What you should do:
Since the copy must match the original, write out each record word for word, skipping only the pictures.

Dataset items
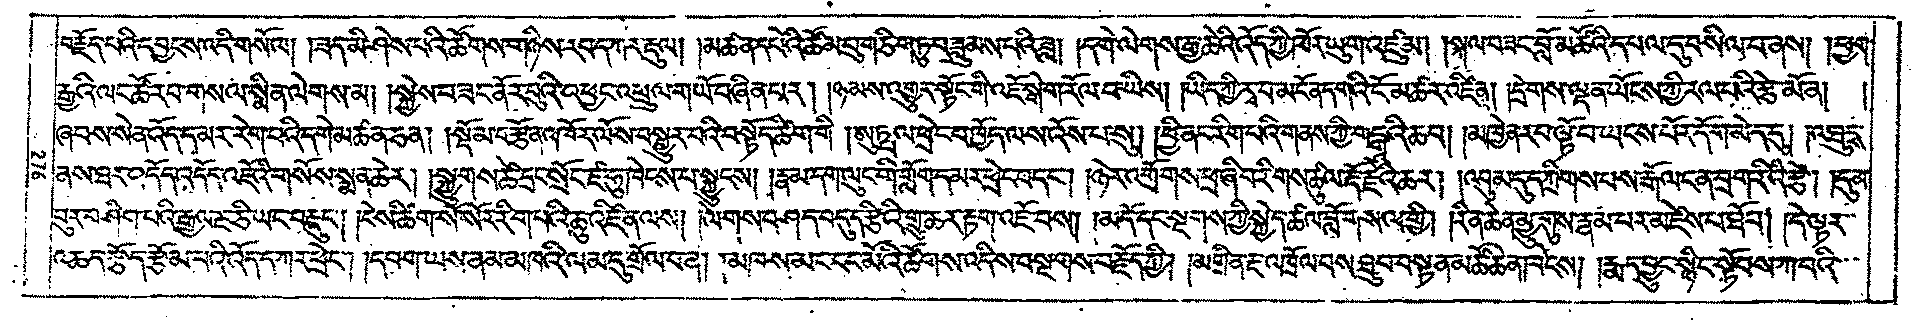བརྗོད་པའི་དབྱངས་འདི་གསོལ། །ཟད་མི་ཤེས་པའི་ཚོགས་གཉིས་རབ་དཀར་རྡུལ། །མཚན་དཔེའི་ཚོམ་བུ་གཅིག་ཏུ་བཟླུམས་པའི་ཟླ། །དགེ་ལེགས་རྒྱ་ཆེའི་འོད་ཀྱི་ཁོར་ཡུག་འཛུམ། །སྐལ་བཟང་བློ་མཚོའི་དཔལ་དུ་བསིལ་བ་ནས། །ཕྱག་
རྒྱའི་ལང་ཚོ་རབ་གསལ་སྨིན་ལེགས་མ། །སྐྱེས་བཟང་ནོར་བུའི་འཕྱང་འཕྲུལ་གཡོ་བཞིན་པར། །ཉམས་འགྱུར་སྟོང་གི་འཇོ་སྒེག་རོལ་བ་ཡིས། །ཡིད་ཀྱི་རྭ་བ་མངོན་དགའི་ངོ་མཚར་འཛིན། །དྲེགས་ལྡན་ཡོངས་ཀྱི་རལ་པའི་རྩེ་མོ་ན། །
ཞབས་སེན་འོད་དམར་རེག་པའི་དགེ་མཚན་ཅན། །སྡོམ་བརྩོན་འཁོར་ལོས་བསྒྱུར་བའི་བསྟོད་ཚིག་གི །ཨུཏྤལ་ཕྲེང་བ་ཁྱོད་ལས་འོས་པ་སུ། །ཕྱི་ནང་རིག་པའི་གནས་ཀྱི་གངྒཱའི་ཆབ། །མཁྱེན་རབ་ལྟོ་བ་ཡངས་པོར་དོག་མེད་དུ། །འཐུངས་
ནས་ཐར་འདོད་འདོད་འཇོའི་གསོས་སྨན་ཆེར། །སྐྱུགས་ཚེ་དྲང་སྲོང་ཛ་ཧུ་ཁེངས་པ་སྐྱུངས། །རྣམ་དག་ལུང་གི་གློག་དམར་ཕྲེང་བ་དང་། །ཉེར་འགྲོགས་ཕྲ་ཞི་བ་རིགས་ཚུལ་རྡོ་རྗེའི་ཆར། །འབུམ་དུ་དཀྲིགས་པས་རྒོལ་ངན་བྲག་རིའི་རྩེ། །དུམ་
བུར་བཤིག་པའི་རྒྱལ་རྔ་ཅི་ཡང་བརྡུང་། །ངེས་ཚིག་སོ་སོར་རིག་པའི་ཆུ་འཛིན་ལས། །ལེགས་བཤད་བདུད་རྩིའི་གྲུ་ཆར་རྟག་འཇོ་བས། །མདོ་དང་སྔགས་ཀྱི་སྐྱེད་ཚལ་བློ་གསལ་གྱི། །རིན་ཆེན་མྱུ་གུས་རྣམ་པར་མཛེས་པ་ཐོབ། །དེ་ལྟར་
འཆད་རྩོད་རྩོམ་པའི་འོད་དཀར་ཕྲེང་། །དཔག་ཡས་ནམ་མཁའི་ལམ་དུ་གྲོལ་བ་ན། །མཁས་མང་ངང་མོའི་ཚོགས་འདིས་བསྔགས་བརྗོད་ཀྱི། །མགྲིན་རྔ་འཁྲོལ་བས་ཐུབ་བསྟན་མཚོ་ཆེན་ཁེངས། །རྨད་བྱུང་སྙིང་སྟོབས་ཀ་བའི་

Result of the exercise:
བརྗོད་པའི་དབྱངས་འདི་གསོལ། །ཟད་མི་ཤེས་པའི་ཚོགས་གཉིས་རབ་དཀར་རྡུལ། །མཚན་དཔེའི་ཚོམ་བུ་གཅིག་ཏུ་བཟླུམས་པའི་ཟླ། །དགེ་ལེགས་རྒྱ་ཆེའི་འོད་ཀྱི་ཁོར་ཡུག་འཛུམ། །སྐལ་བཟང་བློ་མཚོའི་དཔལ་དུ་བསིལ་བ་ནས། །ཕྱག་
རྒྱའི་ལང་ཚོ་རབ་གསལ་སྨིན་ལེགས་མ། །སྐྱེས་བཟང་ནོར་བུའི་འཕྱང་འཕྲུལ་གཡོ་བཞིན་པར། །ཉམས་འགྱུར་སྟོང་གི་འཇོ་སྒེག་རོལ་བ་ཡིས། །ཡིད་ཀྱི་རྭ་བ་མངོན་དགའི་ངོ་མཚར་འཛིན། །དྲེགས་ལྡན་ཡོངས་ཀྱི་རལ་པའི་རྩེ་མོ་ན། །
ཞབས་སེན་འོད་དམར་རེག་པའི་དགེ་མཚན་ཅན། །སྡོམ་བརྩོན་འཁོར་ལོས་བསྒྱུར་བའི་བསྟོད་ཚིག་གི །ཨུཏྤལ་ཕྲེང་བ་ཁྱོད་ལས་འོས་པ་སུ། །ཕྱི་ནང་རིག་པའི་གནས་ཀྱི་གངྒཱའི་ཆབ། །མཁྱེན་རབ་ལྟོ་བ་ཡངས་པོར་དོག་མེད་དུ། །འཐུངས་
ནས་ཐར་འདོད་འདོད་འཇོའི་གསོས་སྨན་ཆེར། །སྐྱུགས་ཚེ་དྲང་སྲོང་ཛ་ཧུ་ཁེངས་པ་སྐྱུངས། །རྣམ་དག་ལུང་གི་གློག་དམར་ཕྲེང་བ་དང་། །ཉེར་འགྲོགས་ཕྲ་ཞི་བ་རིགས་ཚུལ་རྡོ་རྗེའི་ཆར། །འབུམ་དུ་དཀྲིགས་པས་རྒོལ་ངན་བྲག་རིའི་རྩེ། །དུམ་
བུར་བཤིག་པའི་རྒྱལ་རྔ་ཅི་ཡང་བརྡུང་། །ངེས་ཚིག་སོ་སོར་རིག་པའི་ཆུ་འཛིན་ལས། །ལེགས་བཤད་བདུད་རྩིའི་གྲུ་ཆར་རྟག་འཇོ་བས། །མདོ་དང་སྔགས་ཀྱི་སྐྱེད་ཚལ་བློ་གསལ་གྱི། །རིན་ཆེན་མྱུ་གུས་རྣམ་པར་མཛེས་པ་ཐོབ། །དེ་ལྟར་
འཆད་རྩོད་རྩོམ་པའི་འོད་དཀར་ཕྲེང་། །དཔག་ཡས་ནམ་མཁའི་ལམ་དུ་གྲོལ་བ་ན། །མཁས་མང་ངང་མོའི་ཚོགས་འདིས་བསྔགས་བརྗོད་ཀྱི། །མགྲིན་རྔ་འཁྲོལ་བས་ཐུབ་བསྟན་མཚོ་ཆེན་ཁེངས། །རྨད་བྱུང་སྙིང་སྟོབས་ཀ་བའི་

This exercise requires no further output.